**PROBLEM TO SOLVE:**
Would you please copy each line of the data in which the string "viewBox" occurs?

**DATA UNDER STUDY:**
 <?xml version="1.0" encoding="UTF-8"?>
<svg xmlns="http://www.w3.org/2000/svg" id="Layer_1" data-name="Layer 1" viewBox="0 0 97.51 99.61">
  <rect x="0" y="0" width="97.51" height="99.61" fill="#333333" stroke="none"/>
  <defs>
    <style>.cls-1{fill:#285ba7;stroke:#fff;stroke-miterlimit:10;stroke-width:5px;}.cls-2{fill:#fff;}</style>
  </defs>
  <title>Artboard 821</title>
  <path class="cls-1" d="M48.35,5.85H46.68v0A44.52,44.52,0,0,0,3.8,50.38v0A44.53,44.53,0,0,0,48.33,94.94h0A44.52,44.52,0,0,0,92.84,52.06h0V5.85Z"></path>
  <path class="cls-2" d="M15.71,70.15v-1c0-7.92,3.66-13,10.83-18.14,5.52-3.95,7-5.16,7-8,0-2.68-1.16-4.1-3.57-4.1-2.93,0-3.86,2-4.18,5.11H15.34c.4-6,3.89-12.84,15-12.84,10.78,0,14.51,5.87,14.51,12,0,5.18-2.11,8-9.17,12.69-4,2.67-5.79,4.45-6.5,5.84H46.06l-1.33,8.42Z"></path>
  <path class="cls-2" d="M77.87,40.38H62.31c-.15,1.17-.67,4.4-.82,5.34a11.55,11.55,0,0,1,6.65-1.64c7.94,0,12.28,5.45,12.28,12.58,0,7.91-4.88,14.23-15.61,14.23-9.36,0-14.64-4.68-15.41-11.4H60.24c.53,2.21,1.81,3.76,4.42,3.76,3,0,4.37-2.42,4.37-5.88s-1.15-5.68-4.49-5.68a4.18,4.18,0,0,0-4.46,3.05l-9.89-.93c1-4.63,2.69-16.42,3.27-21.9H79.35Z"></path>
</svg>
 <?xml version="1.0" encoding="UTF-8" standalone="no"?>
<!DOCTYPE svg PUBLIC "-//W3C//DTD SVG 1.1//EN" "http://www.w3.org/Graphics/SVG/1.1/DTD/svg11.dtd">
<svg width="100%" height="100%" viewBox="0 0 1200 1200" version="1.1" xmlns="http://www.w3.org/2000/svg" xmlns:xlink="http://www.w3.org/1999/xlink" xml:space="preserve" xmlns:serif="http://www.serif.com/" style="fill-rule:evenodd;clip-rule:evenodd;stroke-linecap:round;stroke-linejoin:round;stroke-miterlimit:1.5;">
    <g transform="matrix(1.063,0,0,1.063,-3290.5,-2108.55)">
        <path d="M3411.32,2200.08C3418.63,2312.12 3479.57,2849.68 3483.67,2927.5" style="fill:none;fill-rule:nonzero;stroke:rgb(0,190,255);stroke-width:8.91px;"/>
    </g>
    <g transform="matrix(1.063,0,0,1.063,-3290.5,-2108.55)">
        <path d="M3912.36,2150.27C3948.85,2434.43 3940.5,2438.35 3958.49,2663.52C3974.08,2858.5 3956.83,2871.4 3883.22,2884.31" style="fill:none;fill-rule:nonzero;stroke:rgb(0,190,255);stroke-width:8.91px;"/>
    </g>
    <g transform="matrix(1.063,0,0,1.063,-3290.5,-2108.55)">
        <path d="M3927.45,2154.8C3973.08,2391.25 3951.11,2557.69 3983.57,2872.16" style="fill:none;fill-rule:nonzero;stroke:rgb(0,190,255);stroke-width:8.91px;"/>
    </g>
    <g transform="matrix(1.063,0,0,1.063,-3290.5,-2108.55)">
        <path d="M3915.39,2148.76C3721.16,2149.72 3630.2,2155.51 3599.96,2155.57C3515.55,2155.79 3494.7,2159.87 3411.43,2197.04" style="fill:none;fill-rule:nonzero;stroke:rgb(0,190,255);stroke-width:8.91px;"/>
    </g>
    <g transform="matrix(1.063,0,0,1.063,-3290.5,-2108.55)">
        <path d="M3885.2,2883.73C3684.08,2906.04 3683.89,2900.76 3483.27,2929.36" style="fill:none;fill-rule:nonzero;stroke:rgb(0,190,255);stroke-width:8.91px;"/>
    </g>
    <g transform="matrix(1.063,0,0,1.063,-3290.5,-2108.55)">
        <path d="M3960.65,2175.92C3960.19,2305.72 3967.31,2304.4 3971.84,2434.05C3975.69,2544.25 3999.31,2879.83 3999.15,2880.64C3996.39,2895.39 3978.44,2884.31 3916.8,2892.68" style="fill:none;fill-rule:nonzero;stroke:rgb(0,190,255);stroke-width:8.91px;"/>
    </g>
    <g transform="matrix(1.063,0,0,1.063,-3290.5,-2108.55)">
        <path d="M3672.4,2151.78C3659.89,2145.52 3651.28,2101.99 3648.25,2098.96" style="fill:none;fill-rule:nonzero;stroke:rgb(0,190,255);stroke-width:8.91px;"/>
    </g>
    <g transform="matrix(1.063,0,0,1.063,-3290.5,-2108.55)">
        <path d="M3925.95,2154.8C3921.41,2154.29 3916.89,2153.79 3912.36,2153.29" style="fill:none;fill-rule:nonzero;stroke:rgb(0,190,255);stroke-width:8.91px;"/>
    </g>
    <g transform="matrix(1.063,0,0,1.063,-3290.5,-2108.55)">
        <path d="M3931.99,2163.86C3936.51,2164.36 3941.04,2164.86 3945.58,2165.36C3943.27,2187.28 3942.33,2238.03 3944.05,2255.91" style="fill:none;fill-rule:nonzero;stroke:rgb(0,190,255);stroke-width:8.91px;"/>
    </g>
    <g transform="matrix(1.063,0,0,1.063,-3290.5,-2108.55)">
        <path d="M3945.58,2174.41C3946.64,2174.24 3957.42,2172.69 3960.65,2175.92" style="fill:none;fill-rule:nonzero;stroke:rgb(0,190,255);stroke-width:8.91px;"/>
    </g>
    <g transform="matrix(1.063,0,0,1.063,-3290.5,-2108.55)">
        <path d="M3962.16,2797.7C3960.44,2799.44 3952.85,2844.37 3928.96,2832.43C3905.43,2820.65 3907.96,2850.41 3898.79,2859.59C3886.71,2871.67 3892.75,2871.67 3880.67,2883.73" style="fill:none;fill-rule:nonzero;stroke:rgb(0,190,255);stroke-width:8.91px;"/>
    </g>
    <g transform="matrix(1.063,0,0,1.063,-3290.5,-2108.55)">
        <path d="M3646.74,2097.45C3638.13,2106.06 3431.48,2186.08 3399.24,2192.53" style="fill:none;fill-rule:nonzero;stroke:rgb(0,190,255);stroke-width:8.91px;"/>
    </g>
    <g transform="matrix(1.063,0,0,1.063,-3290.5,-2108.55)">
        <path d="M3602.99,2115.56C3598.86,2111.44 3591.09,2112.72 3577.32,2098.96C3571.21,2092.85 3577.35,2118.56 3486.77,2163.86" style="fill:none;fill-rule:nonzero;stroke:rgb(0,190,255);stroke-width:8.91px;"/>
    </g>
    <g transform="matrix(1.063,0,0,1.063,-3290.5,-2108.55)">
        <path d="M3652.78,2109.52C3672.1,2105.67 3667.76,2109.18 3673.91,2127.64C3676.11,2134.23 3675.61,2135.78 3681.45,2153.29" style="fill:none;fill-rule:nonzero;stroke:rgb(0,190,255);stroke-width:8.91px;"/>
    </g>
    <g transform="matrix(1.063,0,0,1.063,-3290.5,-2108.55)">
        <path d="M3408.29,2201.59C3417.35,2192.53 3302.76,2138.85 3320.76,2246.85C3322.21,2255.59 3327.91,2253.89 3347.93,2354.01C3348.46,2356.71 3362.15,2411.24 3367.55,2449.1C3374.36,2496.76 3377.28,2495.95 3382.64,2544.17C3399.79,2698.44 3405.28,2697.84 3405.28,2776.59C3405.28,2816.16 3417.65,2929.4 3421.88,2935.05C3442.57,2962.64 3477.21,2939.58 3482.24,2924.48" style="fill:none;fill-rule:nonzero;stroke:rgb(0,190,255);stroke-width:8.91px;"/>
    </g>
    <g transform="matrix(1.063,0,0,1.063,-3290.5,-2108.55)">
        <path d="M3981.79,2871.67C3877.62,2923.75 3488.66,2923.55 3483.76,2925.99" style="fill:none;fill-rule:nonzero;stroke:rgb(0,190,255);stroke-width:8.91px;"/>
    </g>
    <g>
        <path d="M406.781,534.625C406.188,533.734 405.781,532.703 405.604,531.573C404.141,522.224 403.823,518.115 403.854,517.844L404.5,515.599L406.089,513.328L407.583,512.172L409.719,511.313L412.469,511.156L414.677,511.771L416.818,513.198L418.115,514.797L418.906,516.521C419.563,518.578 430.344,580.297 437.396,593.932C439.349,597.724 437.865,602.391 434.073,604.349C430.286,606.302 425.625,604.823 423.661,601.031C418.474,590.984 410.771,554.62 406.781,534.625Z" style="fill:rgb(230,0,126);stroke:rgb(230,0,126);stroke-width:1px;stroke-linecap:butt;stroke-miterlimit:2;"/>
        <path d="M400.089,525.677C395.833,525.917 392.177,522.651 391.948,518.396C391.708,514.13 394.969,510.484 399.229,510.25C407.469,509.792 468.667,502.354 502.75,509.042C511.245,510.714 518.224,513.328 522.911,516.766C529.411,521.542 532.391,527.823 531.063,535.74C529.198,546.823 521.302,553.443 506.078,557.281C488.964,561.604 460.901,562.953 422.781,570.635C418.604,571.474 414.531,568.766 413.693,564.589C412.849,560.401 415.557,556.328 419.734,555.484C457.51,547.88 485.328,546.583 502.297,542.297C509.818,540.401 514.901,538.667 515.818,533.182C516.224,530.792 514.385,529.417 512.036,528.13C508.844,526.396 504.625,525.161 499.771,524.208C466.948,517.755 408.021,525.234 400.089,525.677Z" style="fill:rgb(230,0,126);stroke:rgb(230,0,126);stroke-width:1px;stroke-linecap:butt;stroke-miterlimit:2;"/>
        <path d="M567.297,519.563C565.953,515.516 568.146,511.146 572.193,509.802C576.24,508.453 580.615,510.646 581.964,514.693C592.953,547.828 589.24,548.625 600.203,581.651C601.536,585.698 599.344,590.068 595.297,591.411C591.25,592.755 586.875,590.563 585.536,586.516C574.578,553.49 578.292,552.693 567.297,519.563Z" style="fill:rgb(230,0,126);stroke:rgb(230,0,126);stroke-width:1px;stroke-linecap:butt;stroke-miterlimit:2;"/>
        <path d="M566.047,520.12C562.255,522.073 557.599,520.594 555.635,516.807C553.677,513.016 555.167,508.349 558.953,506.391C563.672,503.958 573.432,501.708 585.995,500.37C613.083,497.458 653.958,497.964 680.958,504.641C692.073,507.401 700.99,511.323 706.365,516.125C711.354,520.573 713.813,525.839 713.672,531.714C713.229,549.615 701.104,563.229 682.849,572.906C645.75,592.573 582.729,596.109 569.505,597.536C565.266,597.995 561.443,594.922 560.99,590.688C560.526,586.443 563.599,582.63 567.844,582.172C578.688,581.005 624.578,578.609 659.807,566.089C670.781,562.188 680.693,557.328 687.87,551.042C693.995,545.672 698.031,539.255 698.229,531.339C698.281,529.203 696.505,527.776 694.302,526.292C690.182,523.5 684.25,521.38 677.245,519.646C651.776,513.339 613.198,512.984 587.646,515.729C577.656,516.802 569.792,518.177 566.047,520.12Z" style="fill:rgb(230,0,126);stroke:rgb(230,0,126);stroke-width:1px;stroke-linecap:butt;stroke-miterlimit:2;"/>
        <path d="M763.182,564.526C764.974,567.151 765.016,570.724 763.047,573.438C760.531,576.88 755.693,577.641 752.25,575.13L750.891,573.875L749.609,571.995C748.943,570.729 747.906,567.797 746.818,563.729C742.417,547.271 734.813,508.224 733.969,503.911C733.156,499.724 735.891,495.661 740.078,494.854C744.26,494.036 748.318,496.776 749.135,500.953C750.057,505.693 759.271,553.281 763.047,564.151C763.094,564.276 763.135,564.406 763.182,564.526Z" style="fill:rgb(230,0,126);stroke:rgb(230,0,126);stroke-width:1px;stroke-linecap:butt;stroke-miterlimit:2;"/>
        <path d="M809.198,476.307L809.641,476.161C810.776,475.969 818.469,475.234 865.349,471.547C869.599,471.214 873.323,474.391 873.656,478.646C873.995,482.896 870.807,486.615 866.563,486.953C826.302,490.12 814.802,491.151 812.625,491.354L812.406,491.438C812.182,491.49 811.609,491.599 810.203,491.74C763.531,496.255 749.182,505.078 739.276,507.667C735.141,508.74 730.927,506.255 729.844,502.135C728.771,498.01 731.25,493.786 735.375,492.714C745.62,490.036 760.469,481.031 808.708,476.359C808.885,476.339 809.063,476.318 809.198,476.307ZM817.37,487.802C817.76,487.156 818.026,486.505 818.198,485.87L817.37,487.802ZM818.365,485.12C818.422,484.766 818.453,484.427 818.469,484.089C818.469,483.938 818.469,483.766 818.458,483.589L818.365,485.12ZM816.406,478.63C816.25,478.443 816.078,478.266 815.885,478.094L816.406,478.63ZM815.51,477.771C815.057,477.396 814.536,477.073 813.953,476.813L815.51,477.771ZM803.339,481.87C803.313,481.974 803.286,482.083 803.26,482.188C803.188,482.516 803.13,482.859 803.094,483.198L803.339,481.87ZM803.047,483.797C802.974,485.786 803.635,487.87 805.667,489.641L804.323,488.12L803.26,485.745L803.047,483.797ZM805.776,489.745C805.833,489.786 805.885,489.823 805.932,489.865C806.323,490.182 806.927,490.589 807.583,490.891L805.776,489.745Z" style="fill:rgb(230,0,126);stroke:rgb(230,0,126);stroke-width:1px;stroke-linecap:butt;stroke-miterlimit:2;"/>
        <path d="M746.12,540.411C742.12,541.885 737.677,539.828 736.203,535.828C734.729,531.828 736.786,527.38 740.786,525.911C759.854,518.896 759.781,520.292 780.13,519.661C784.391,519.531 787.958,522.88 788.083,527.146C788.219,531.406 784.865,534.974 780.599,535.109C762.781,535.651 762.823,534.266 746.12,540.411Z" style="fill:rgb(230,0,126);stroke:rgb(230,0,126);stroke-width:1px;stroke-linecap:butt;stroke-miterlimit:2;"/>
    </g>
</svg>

**RESPONSE AREA:**
<svg xmlns="http://www.w3.org/2000/svg" id="Layer_1" data-name="Layer 1" viewBox="0 0 97.51 99.61">
<svg width="100%" height="100%" viewBox="0 0 1200 1200" version="1.1" xmlns="http://www.w3.org/2000/svg" xmlns:xlink="http://www.w3.org/1999/xlink" xml:space="preserve" xmlns:serif="http://www.serif.com/" style="fill-rule:evenodd;clip-rule:evenodd;stroke-linecap:round;stroke-linejoin:round;stroke-miterlimit:1.5;">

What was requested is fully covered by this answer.